Augustine: Pardon me?

Louisa: Christian.

Augustine: Yes, I suppose it is.

Louisa: Are you related to F.X. Mendes of Astora?

Augustine: No, I don’t think so.

Bertha: He was our thissing.

Louisa: Father.

Augustine: The editor F.X. Mendes?

Bertha: Yes.

Augustine: I have heard of him.

Augustine is not being facetious. He really has. F.X. Mendes had conducted, through the civilized medium of his newspaper, a case against the toilet of a wealthy brahmin. The facts: the brahmin’s home faced a plot, long unused, upon which he had had his eye. One day, he discovered that it had been bought by a man of unquestionably lower caste. He also discovered that the low-caste man was intent on building on his land and was going to build a house, by virtue of funds supplied to him by his brothers who were settled in East Africa and doing ‘quite well for themselves’, a term by which opprobrium and praise — in equal measure — may be heaped upon those who try to get beyond their station. And to build a house right in front of that of the only rich man in the village — and a brahmin — was an act of hubris that demanded a suitable response. At that time, no one thought much of having an outhouse, a pig toilet at which an eager porcine nose might suddenly meet one’s rear end as one squatted. The rich man had a bright idea. He would build an indoor toilet. He would build it so that it came very close to the living room of his new neighbour. He would then fart in the upstart’s face each morning.
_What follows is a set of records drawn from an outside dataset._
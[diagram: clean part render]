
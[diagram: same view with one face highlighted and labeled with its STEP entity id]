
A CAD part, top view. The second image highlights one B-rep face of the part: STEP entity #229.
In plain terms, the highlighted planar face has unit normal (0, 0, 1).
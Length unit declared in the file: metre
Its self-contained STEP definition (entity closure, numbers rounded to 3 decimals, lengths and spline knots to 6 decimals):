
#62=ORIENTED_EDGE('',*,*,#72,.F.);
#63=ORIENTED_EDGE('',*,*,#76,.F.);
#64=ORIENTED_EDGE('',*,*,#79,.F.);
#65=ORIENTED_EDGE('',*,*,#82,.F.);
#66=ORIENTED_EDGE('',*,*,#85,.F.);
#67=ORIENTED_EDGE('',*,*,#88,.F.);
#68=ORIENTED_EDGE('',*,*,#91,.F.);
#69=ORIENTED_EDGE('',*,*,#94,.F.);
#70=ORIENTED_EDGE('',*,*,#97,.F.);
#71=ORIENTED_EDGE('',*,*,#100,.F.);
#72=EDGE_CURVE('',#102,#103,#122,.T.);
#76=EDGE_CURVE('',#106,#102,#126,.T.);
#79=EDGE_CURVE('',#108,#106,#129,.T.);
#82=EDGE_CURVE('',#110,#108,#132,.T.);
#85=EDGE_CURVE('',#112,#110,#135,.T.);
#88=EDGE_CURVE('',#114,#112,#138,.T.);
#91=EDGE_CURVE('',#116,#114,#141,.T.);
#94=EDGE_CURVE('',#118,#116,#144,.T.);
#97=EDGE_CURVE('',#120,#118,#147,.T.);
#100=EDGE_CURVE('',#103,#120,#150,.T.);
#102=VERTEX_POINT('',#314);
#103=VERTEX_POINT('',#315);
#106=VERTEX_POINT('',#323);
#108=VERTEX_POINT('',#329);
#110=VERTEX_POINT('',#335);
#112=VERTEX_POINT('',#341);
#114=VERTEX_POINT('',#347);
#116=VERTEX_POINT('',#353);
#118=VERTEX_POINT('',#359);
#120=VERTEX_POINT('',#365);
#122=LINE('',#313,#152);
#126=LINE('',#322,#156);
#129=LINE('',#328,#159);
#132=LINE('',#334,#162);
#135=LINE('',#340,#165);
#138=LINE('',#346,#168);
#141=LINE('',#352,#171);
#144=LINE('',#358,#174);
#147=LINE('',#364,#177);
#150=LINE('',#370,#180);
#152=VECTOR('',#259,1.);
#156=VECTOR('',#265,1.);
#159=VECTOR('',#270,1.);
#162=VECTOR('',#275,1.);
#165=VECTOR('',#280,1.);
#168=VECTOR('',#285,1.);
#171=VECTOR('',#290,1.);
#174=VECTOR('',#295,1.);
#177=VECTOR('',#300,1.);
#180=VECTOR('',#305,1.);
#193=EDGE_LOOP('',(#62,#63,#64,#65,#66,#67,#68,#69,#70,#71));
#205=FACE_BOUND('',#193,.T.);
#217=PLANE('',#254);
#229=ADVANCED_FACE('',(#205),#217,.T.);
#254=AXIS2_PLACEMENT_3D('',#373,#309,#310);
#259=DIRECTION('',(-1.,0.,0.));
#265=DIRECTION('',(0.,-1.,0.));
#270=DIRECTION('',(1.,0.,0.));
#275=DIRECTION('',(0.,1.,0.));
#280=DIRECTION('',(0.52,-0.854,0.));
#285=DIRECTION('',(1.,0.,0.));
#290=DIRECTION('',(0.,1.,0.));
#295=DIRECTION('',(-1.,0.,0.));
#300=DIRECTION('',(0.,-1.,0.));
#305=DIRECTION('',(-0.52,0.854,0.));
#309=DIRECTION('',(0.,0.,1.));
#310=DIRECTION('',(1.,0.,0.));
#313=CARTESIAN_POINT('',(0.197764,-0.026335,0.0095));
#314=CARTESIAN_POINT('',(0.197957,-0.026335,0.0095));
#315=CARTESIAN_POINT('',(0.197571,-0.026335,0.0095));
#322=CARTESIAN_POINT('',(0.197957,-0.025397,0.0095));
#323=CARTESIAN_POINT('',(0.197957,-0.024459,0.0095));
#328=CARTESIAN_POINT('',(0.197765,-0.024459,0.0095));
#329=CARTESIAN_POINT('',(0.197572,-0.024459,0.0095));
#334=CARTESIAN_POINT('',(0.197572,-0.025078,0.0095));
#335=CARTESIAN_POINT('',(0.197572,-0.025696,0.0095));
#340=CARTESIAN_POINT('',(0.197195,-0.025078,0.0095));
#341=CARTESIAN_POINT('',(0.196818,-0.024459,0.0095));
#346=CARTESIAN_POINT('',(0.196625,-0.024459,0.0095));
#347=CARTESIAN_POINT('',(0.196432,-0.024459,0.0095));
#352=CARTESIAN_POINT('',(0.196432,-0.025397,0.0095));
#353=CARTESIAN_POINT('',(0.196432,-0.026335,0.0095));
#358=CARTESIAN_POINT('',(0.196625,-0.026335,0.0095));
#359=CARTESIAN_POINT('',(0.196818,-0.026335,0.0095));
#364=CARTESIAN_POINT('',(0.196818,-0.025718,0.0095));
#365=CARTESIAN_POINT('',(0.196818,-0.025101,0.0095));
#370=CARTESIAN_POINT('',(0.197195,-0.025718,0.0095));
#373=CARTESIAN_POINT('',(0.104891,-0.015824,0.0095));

It was this terrible plan that F.X. Mendes worked to foil. It is entirely likely that he ran other campaigns. It is entirely likely that he opposed Portuguese rule or supported it fervently. No one knows. No one remembers. They only remember that F.X. Mendes fought the toilet case and won it. Depending on who is telling it, there is either admiration at the old man’s stubborn insistence on the rights of the poor or incredulity that newspaper columns should concern themselves with such petty matters.

Bertha and Louisa must have both peered into his face to see on which side of the divide Augustine fell. To have a famous father can be a terrible burden.

Augustine: My brothers often said he wrote beautiful Portuguese.